According to military records, [Steven] served in the Navy from 1972 to 1973 and was diagnosed as suffering from paranoid schizophrenia. He has spent much of his adult life behind bars on offenses ranging from criminal possession of noxious liquids and making bomb threats against postal facilities to assaulting a military police officer. Joan Kipp was his guidance counselor at Dyker Heights Junior High School, where he had been left back twice, he said. “I had nothing against her,” [Steven] said. “I was in prison at the time. They know that I could not possibly directly be involved in it.”
But investigators theorized [Steven] mailed the components of the book device to his pal, who constructed and sent it. Another theory, [Steven] said, was that a third person paid them to send the bombs. “It always came back to the two of them, consistently,” said retired Detective John Tarangelo, who worked on the case for two years. “There was always a common denominator between them and the victims, whether it was the pharmacy, the neighborhood, the hollowed-out cookbook. There was a record of [Steven’s pal] in the computer of each of the victims’ local pharmacies. We could never figure it out.”

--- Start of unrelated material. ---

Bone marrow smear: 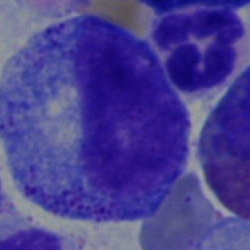
Specimen: bone marrow aspirate smear.
Cell: progranulocyte.

At the time, Steven was in federal custody in Beaumont, Texas, doing 90 months for possession of ammunition by a convicted felon. He was released on March 25, 2005, according to federal records. He’s now 64 years old.
He denied involvement—and told the Daily News he was working on his own history of the case, to which he said he’d become linked by “a web of circumstantial evidence.”
Whoever he was, the Zip-Gun Bomber has never been caught.